Cela devient d’autant plus un challenge lorsque, comme on l’a vu, on doit endosser de multiples casquettes et gérer une multitude de dossiers différents : on est vite dépassé par toutes ces petites choses à faire.

Parfois, il est simplement possible d’améliorer sa productivité, et donc de gagner du temps, à l’aide d’applications sur mobile ou ordinateur.

On peut penser aux applications de style « post-it » pour prendre des notes au long de la journée et ne rien oublier comme Trello ou EverNote, des application de style « to-do-list » avec des fonctionnalités automatisées, des rappels et agendas comme Todoist ou Any.Do, ou encore des applications de gestion de projet comme Monday avec beaucoup de possibilités pour organiser et faire le suivi de plusieurs projets en même temps.

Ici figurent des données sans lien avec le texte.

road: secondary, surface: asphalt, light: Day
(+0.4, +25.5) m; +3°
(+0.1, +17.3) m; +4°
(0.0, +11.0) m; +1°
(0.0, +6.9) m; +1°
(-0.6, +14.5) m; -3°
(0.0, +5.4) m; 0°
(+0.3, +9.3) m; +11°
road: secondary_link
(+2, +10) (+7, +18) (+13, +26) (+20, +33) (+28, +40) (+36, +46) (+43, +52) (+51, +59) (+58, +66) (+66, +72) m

Pour aller plus loin, consultez notre article sur comment améliorer sa productivité.

 

Les heures non-facturables : la face cachée du temps d’un travailleur indépendant

Ainsi les heures non facturables sont un aspect inévitable de la réalité d’un travailleur ou d’une travailleuse autonome, qu’il ne faut pas négliger car le salaire annuel et le taux horaire doivent les compenser, à travers les heures qui sont facturables aux clients.

Dans ce temps pour lequel un autoentrepreneur n’est pas payé, on peut notamment mentionner :

  • Comptabilité et administration
  • Gestion du site web et réseaux sociaux
  • Marketing et publicité
  • Réseautage et relations d’affaires
  • Formation et développement personnel
  • Jours de congé : repos, maladie et vacances

Toutes ces heures peuvent représenter de 35 à 60% du temps d’un travailleur autonome, et doivent être prises en compte lorsqu’on détermine un taux horaire.

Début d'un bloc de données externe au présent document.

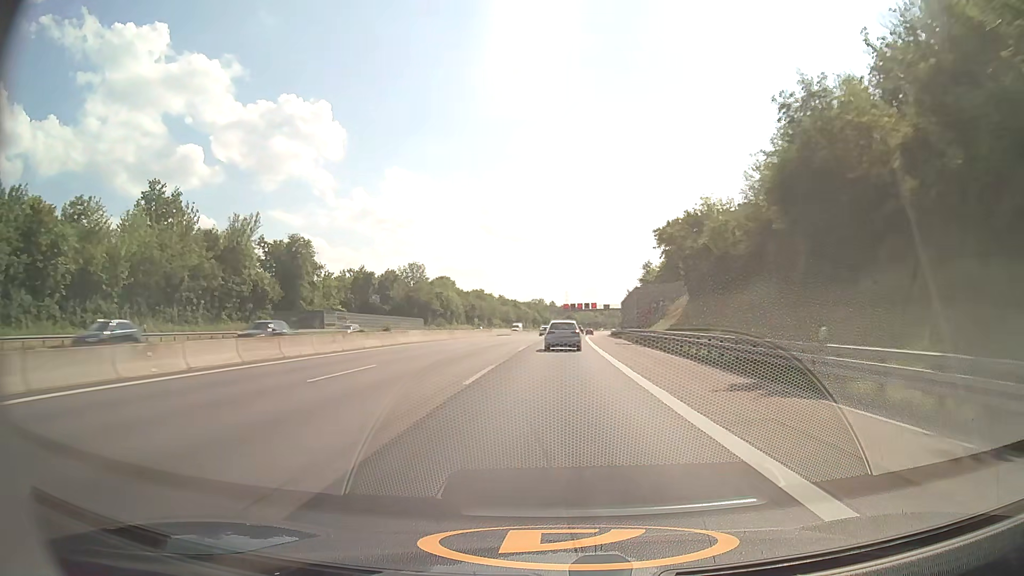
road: motorway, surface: asphalt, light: Day
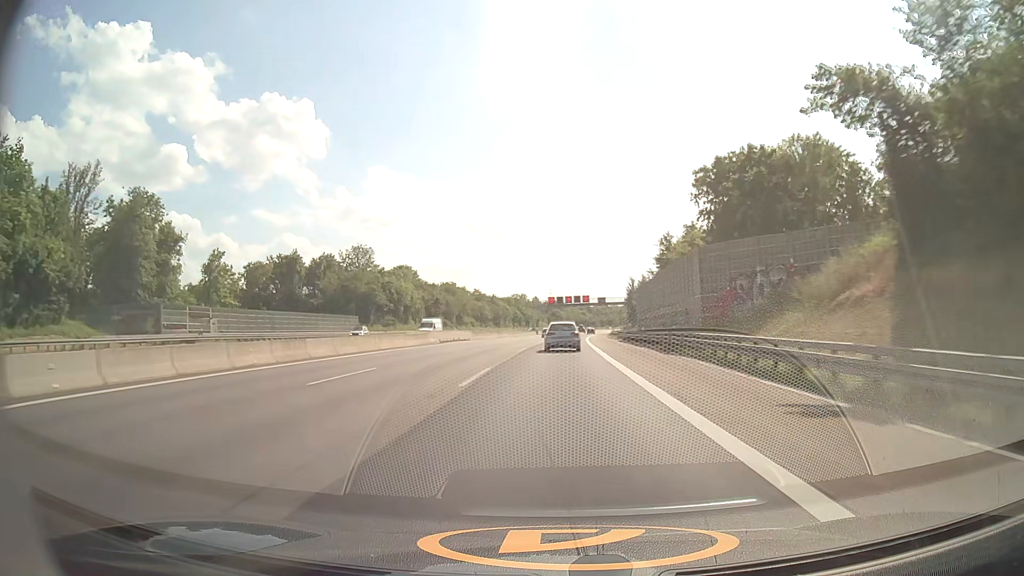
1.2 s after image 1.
(+0.4, +35.8) m; +1°
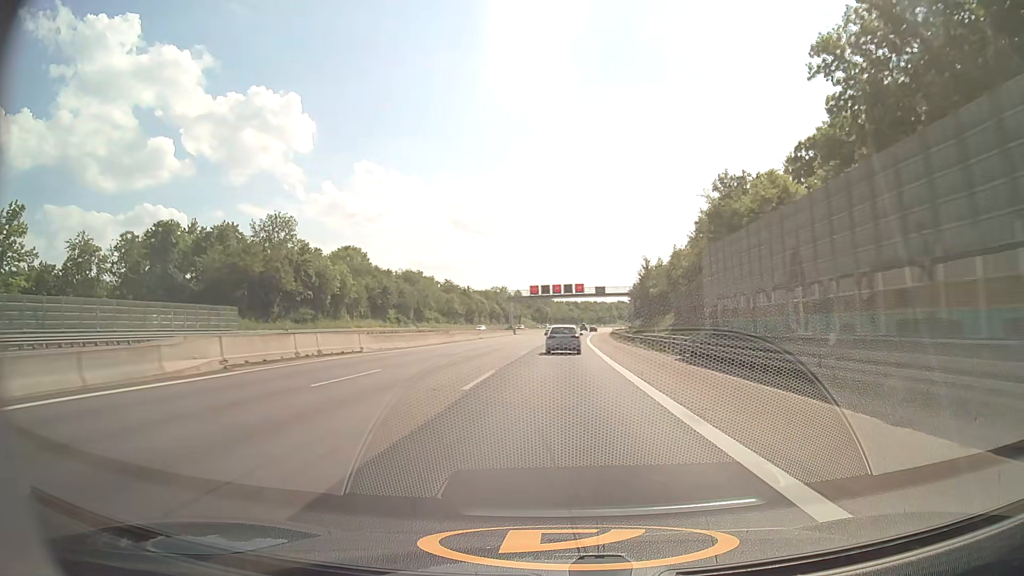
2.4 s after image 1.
(+0.4, +35.6) m; +1°
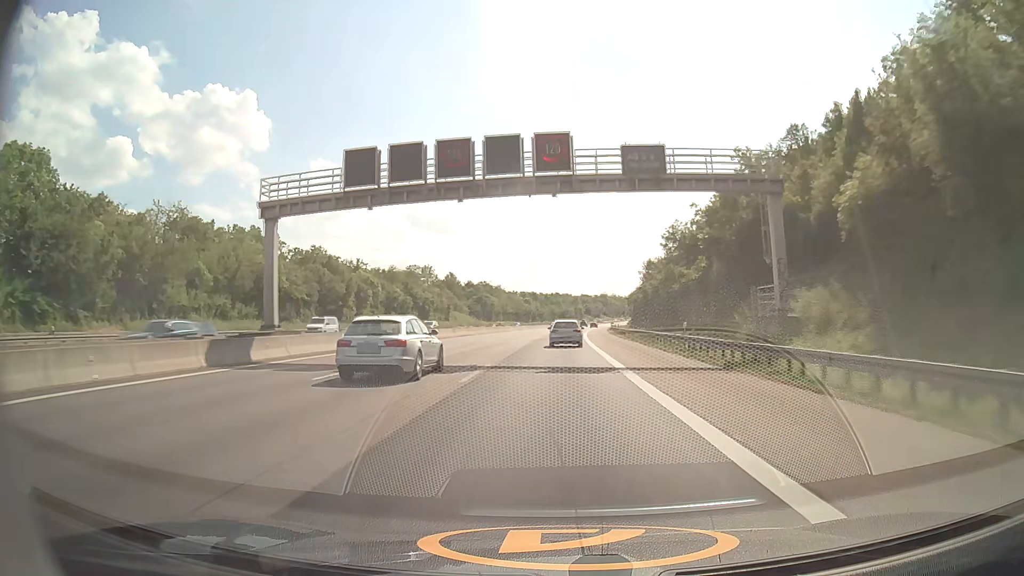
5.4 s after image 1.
(+2.9, +88.6) m; +4°
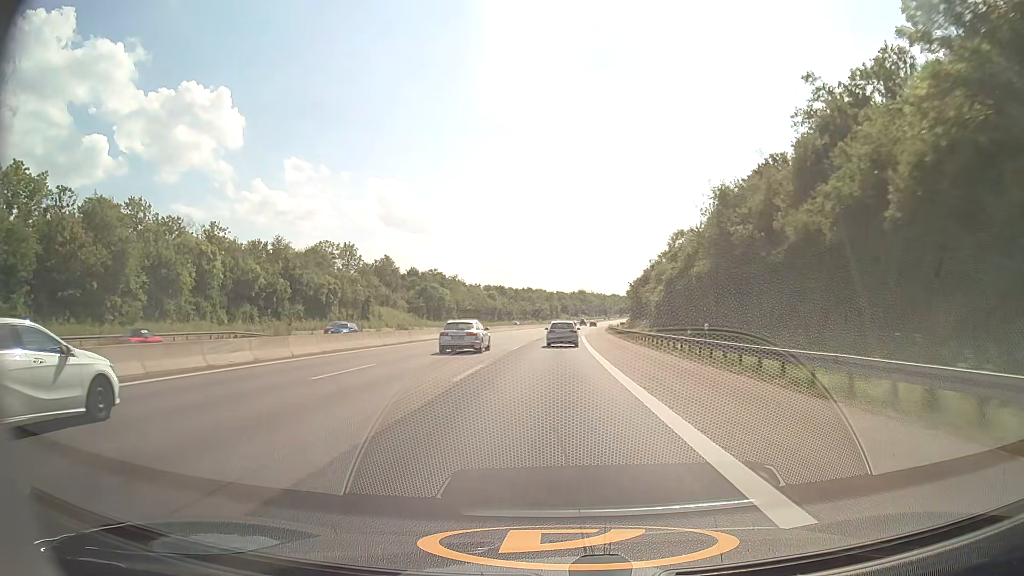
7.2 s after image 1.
(+1.0, +53.1) m; +2°
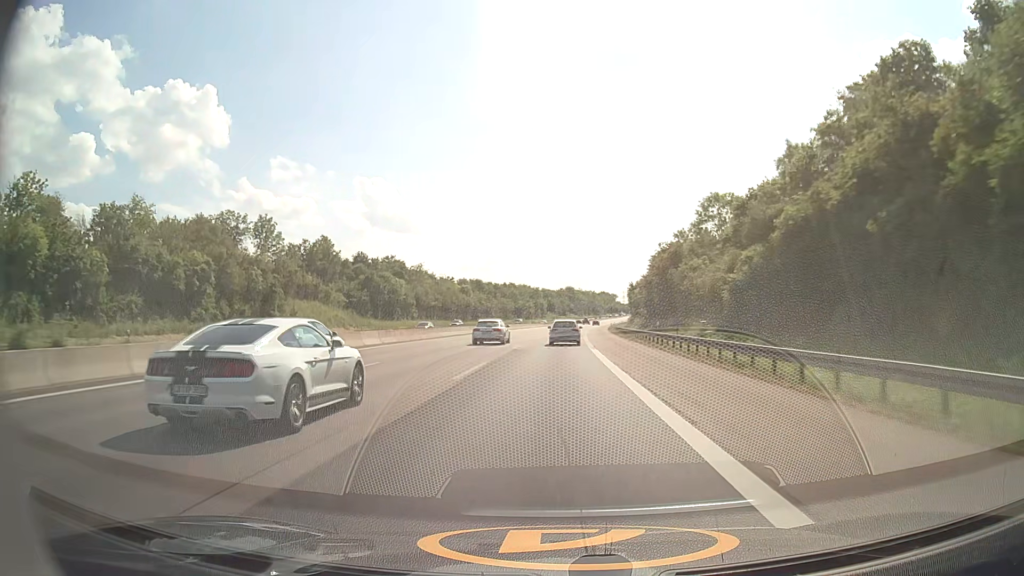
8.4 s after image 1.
(+0.4, +35.4) m; +1°
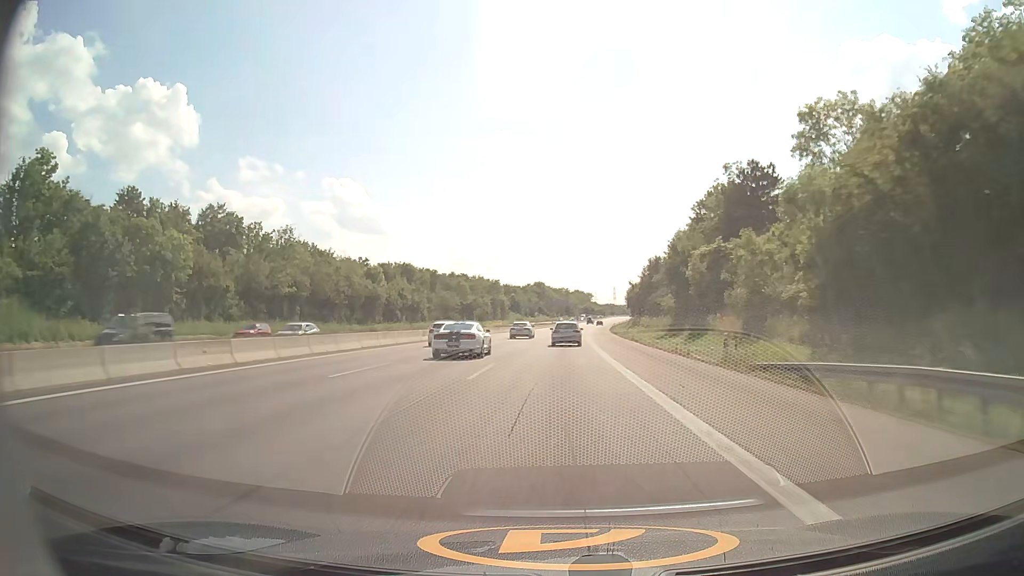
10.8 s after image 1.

Toutefois il est possible de les réduire en sous-traitant certaines tâches qu’on nomme chronophages, en embauchant par exemple un comptable, ou un assistant virtuel à titre d’aide administratif, pour se délester et mieux se consacrer à son travail.

Enfin, il est aussi possible de se servir de certaines applications pour s’aider à être mieux organisé et augmenter sa productivité, avoir un meilleur rendement pour essayer de ne plus passer autant d’heures dans certains projets non-facturables.